La blockchain è un ambito poco conosciuto, a illustrarcelo ci ha pensato l’osservatorio digital del politecnico di Milano
La blockchain è un mondo in continua evoluzione. Ne ho parlato in altre occasioni ed ultimamente anche la stessa BCE ha espresso qualche perplessità per l’utilizzo delle criptovalute.
Conoscere meglio questo mondo ci aiuta a capirlo fino in fondo. Il Politecnico di Milano con il suo Osservatorio Digital Innovation ha creato un vero vademecum per aiutarci a comprendere il linguaggio che si utilizza in questo ambito.
I Token
Il token per definizione è un’informazione digitale, salvata su un registro distribuito, associata a uno e un solo specifico utente del sistema e rappresentativa di una qualche forma di diritto: la proprietà di un asset, l’accesso a un servizio, la ricezione di un pagamento, e così via.
Ne esistono di vari tipi:
- Utility Token: consentono di accedere ad un certo servizio
- Asset Token: certificano la proprietà di un bene
- Equity Token: diritto di parola e di voto all’interno di un consiglio di amministrazione.
Questi strumenti possono essere venduti per finanziare nuove iniziative progettuali attraverso le Initial coin offering (Ico). Grazie a questo l’investitore riceve in cambio dei token, si possono scambiare nella blockchain ma non sono assimilabili alle criptovalute.
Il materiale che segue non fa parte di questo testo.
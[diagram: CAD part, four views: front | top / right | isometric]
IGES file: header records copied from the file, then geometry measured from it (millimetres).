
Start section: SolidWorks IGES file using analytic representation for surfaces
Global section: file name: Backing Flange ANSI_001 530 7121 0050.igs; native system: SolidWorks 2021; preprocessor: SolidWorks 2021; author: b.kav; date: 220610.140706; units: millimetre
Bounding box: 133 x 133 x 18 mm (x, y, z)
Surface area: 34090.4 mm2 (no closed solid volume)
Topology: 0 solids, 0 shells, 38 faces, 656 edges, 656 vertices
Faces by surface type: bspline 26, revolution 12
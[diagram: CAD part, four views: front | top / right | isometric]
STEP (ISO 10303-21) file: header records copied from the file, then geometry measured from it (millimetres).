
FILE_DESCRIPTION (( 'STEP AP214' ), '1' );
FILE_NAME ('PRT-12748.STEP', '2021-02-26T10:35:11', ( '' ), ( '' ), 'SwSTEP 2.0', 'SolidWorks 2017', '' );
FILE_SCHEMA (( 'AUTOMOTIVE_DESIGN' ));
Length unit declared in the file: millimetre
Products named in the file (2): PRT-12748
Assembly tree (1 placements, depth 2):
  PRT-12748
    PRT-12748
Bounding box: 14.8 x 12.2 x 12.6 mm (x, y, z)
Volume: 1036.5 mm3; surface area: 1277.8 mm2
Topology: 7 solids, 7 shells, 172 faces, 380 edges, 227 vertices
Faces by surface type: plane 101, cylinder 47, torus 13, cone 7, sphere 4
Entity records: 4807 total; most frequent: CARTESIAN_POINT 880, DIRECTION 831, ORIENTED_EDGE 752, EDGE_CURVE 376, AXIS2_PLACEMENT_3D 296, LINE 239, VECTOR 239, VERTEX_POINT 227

I token potrebbero essere paragonati ad una quota di proprietà dell’azienda.
Le criptovalute
Si possono definire anche Coin, il significato cambia poco, rimane sempre una moneta digitale basata sulla tecnologia blockchain. Non ha una sua fisicità si scambia esclusivamente per via telematica, non ha alle spalle una banca centrale o uno stato come garanzia. Proprio per questo motivo non esistono varianti in moneta o in banconota, non hanno circolarità nel mercato quotidiano. Può essere scambiata tra due dispositivi senza la necessità di intermediari (istituti bancari) per l’acquisto di beni e servizi come in qualunque compravendita.
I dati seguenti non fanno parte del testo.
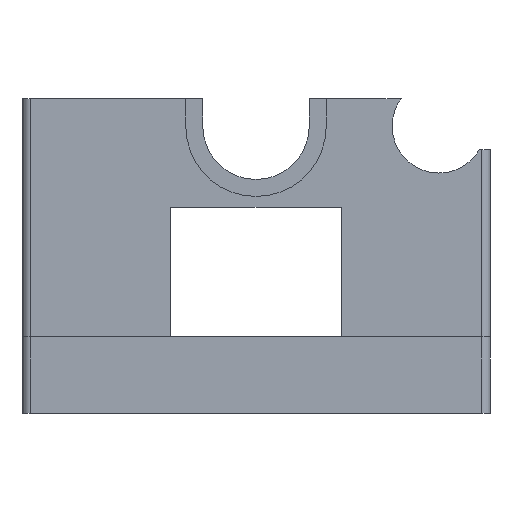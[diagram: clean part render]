
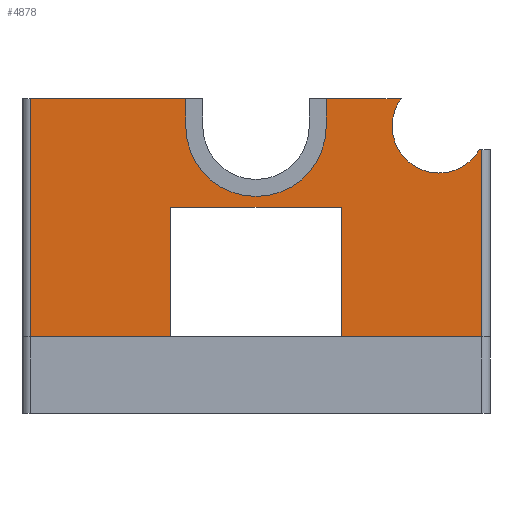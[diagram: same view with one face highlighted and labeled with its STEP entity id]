
A CAD part, front view. The second image highlights one B-rep face of the part: STEP entity #4878.
In plain terms, the highlighted planar face has unit normal (0, -1, 0).
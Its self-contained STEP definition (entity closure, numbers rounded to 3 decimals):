
#387=DIRECTION('',(-1.,0.,0.));
#388=VECTOR('',#387,16.5);
#389=CARTESIAN_POINT('',(69.,34.15,9.));
#390=LINE('',#389,#388);
#479=DIRECTION('',(-1.,0.,0.));
#480=VECTOR('',#479,16.5);
#481=CARTESIAN_POINT('',(32.5,34.15,9.));
#482=LINE('',#481,#480);
#1631=DIRECTION('',(0.,0.,-1.));
#1632=VECTOR('',#1631,22.);
#1633=CARTESIAN_POINT('',(69.,34.15,31.));
#1634=LINE('',#1633,#1632);
#1662=DIRECTION('',(1.,0.,0.));
#1663=VECTOR('',#1662,0.237);
#1664=CARTESIAN_POINT('',(68.763,34.15,31.));
#1665=LINE('',#1664,#1663);
#1854=DIRECTION('',(0.,0.,-1.));
#1855=VECTOR('',#1854,15.2);
#1856=CARTESIAN_POINT('',(52.5,34.15,24.2));
#1857=LINE('',#1856,#1855);
#1861=DIRECTION('',(1.,0.,0.));
#1862=VECTOR('',#1861,20.);
#1863=CARTESIAN_POINT('',(32.5,34.15,24.2));
#1864=LINE('',#1863,#1862);
#1868=DIRECTION('',(0.,0.,1.));
#1869=VECTOR('',#1868,15.2);
#1870=CARTESIAN_POINT('',(32.5,34.15,9.));
#1871=LINE('',#1870,#1869);
#1875=DIRECTION('',(-1.,0.,0.));
#1876=VECTOR('',#1875,18.25);
#1877=CARTESIAN_POINT('',(34.25,34.15,37.));
#1878=LINE('',#1877,#1876);
#1882=DIRECTION('',(0.,0.,1.));
#1883=VECTOR('',#1882,3.25);
#1884=CARTESIAN_POINT('',(34.25,34.15,33.75));
#1885=LINE('',#1884,#1883);
#1889=CARTESIAN_POINT('',(42.5,34.15,33.75));
#1890=DIRECTION('',(0.,1.,0.));
#1891=DIRECTION('',(1.,0.,0.));
#1892=AXIS2_PLACEMENT_3D('',#1889,#1890,#1891);
#1897=DIRECTION('',(0.,0.,-1.));
#1898=VECTOR('',#1897,3.25);
#1899=CARTESIAN_POINT('',(50.75,34.15,37.));
#1900=LINE('',#1899,#1898);
#1904=DIRECTION('',(-1.,0.,0.));
#1905=VECTOR('',#1904,8.813);
#1906=CARTESIAN_POINT('',(59.563,34.15,37.));
#1907=LINE('',#1906,#1905);
#1911=CARTESIAN_POINT('',(64.,34.15,33.75));
#1912=DIRECTION('',(0.,1.,0.));
#1913=DIRECTION('',(-0.866,0.,0.5));
#1914=AXIS2_PLACEMENT_3D('',#1911,#1912,#1913);
#1919=CARTESIAN_POINT('',(64.,34.15,33.75));
#1920=DIRECTION('',(0.,1.,0.));
#1921=DIRECTION('',(0.866,0.,-0.5));
#1922=AXIS2_PLACEMENT_3D('',#1919,#1920,#1921);
#2002=DIRECTION('',(0.,0.,1.));
#2003=VECTOR('',#2002,28.);
#2004=CARTESIAN_POINT('',(16.,34.15,9.));
#2005=LINE('',#2004,#2003);
#3447=CARTESIAN_POINT('',(32.5,34.15,9.));
#3448=VERTEX_POINT('',#3447);
#3453=CARTESIAN_POINT('',(52.5,34.15,9.));
#3454=VERTEX_POINT('',#3453);
#3475=CARTESIAN_POINT('',(16.,34.15,9.));
#3476=VERTEX_POINT('',#3475);
#3483=CARTESIAN_POINT('',(69.,34.15,9.));
#3484=VERTEX_POINT('',#3483);
#3495=CARTESIAN_POINT('',(59.237,34.15,36.5));
#3496=CARTESIAN_POINT('',(59.563,34.15,37.));
#3497=VERTEX_POINT('',#3495);
#3498=VERTEX_POINT('',#3496);
#3499=CARTESIAN_POINT('',(68.763,34.15,31.));
#3500=VERTEX_POINT('',#3499);
#3515=CARTESIAN_POINT('',(32.5,34.15,24.2));
#3516=VERTEX_POINT('',#3515);
#3525=CARTESIAN_POINT('',(16.,34.15,37.));
#3526=VERTEX_POINT('',#3525);
#3529=CARTESIAN_POINT('',(52.5,34.15,24.2));
#3530=VERTEX_POINT('',#3529);
#3539=CARTESIAN_POINT('',(69.,34.15,31.));
#3540=VERTEX_POINT('',#3539);
#3561=CARTESIAN_POINT('',(34.25,34.15,37.));
#3562=VERTEX_POINT('',#3561);
#3569=CARTESIAN_POINT('',(50.75,34.15,37.));
#3570=VERTEX_POINT('',#3569);
#3599=CARTESIAN_POINT('',(50.75,34.15,33.75));
#3600=VERTEX_POINT('',#3599);
#3601=CARTESIAN_POINT('',(34.25,34.15,33.75));
#3602=VERTEX_POINT('',#3601);
#4847=CARTESIAN_POINT('',(9.5,34.15,9.));
#4848=DIRECTION('',(0.,-1.,0.));
#4849=DIRECTION('',(1.,0.,0.));
#4850=AXIS2_PLACEMENT_3D('',#4847,#4848,#4849);
#4851=PLANE('',#4850);
#4852=ORIENTED_EDGE('',*,*,#4729,.T.);
#4853=ORIENTED_EDGE('',*,*,#3865,.T.);
#4855=ORIENTED_EDGE('',*,*,#4854,.F.);
#4857=ORIENTED_EDGE('',*,*,#4856,.F.);
#4859=ORIENTED_EDGE('',*,*,#4858,.F.);
#4860=ORIENTED_EDGE('',*,*,#3889,.T.);
#4862=ORIENTED_EDGE('',*,*,#4861,.T.);
#4864=ORIENTED_EDGE('',*,*,#4863,.F.);
#4866=ORIENTED_EDGE('',*,*,#4865,.F.);
#4868=ORIENTED_EDGE('',*,*,#4867,.F.);
#4870=ORIENTED_EDGE('',*,*,#4869,.F.);
#4872=ORIENTED_EDGE('',*,*,#4871,.F.);
#4873=ORIENTED_EDGE('',*,*,#4835,.F.);
#4874=ORIENTED_EDGE('',*,*,#4842,.F.);
#4875=ORIENTED_EDGE('',*,*,#4746,.T.);
#4876=EDGE_LOOP('',(#4852,#4853,#4855,#4857,#4859,#4860,#4862,#4864,#4866,#4868,
#4870,#4872,#4873,#4874,#4875));
#4877=FACE_OUTER_BOUND('',#4876,.F.);
#1893=CIRCLE('',#1892,8.25);
#1915=CIRCLE('',#1914,5.5);
#1923=CIRCLE('',#1922,5.5);
#3865=EDGE_CURVE('',#3484,#3454,#390,.T.);
#3889=EDGE_CURVE('',#3448,#3476,#482,.T.);
#4729=EDGE_CURVE('',#3540,#3484,#1634,.T.);
#4746=EDGE_CURVE('',#3500,#3540,#1665,.T.);
#4835=EDGE_CURVE('',#3497,#3498,#1915,.T.);
#4842=EDGE_CURVE('',#3500,#3497,#1923,.T.);
#4854=EDGE_CURVE('',#3530,#3454,#1857,.T.);
#4856=EDGE_CURVE('',#3516,#3530,#1864,.T.);
#4858=EDGE_CURVE('',#3448,#3516,#1871,.T.);
#4861=EDGE_CURVE('',#3476,#3526,#2005,.T.);
#4863=EDGE_CURVE('',#3562,#3526,#1878,.T.);
#4865=EDGE_CURVE('',#3602,#3562,#1885,.T.);
#4867=EDGE_CURVE('',#3600,#3602,#1893,.T.);
#4869=EDGE_CURVE('',#3570,#3600,#1900,.T.);
#4871=EDGE_CURVE('',#3498,#3570,#1907,.T.);
#4878=ADVANCED_FACE('',(#4877),#4851,.T.);

Differenze tra token e criptovalute
I token si appoggiano a una blockchain già esistente, la confusione può nascere dal fatto che possono essere utilizzati come vere forme di pagamento.
Per questo l’Osservatorio del Politecnico di Milano invita a fare una distinzione, quella fra token fungibili e token non fungibili.
Ai primi appartengono le stablecoin (come Diem di Facebook) e le monete digitali delle banche centrali in corso di studio.
“I beni fungibili sono quelli che possono essere sostituiti con qualcosa di identico”, spiega il Polimi, “a questa categoria appartengono token utilizzabili come criptovalute e in generale tutti quelli che hanno caratteristiche assimilabili a quelle di una moneta digitale”.
I più interessanti rimangono i token non fungibili, così come scrive il politecnico “Con questi token è possibile rappresentare qualsiasi tipologia di asset, sia digitale che fisico”, ha scritto l’Osservatorio,
“i non fungible-token vengono comunemente utilizzati per la gestione dell’identità digitale, i progetti di tracciabilità e dell’automazione dei processi di supply chain”.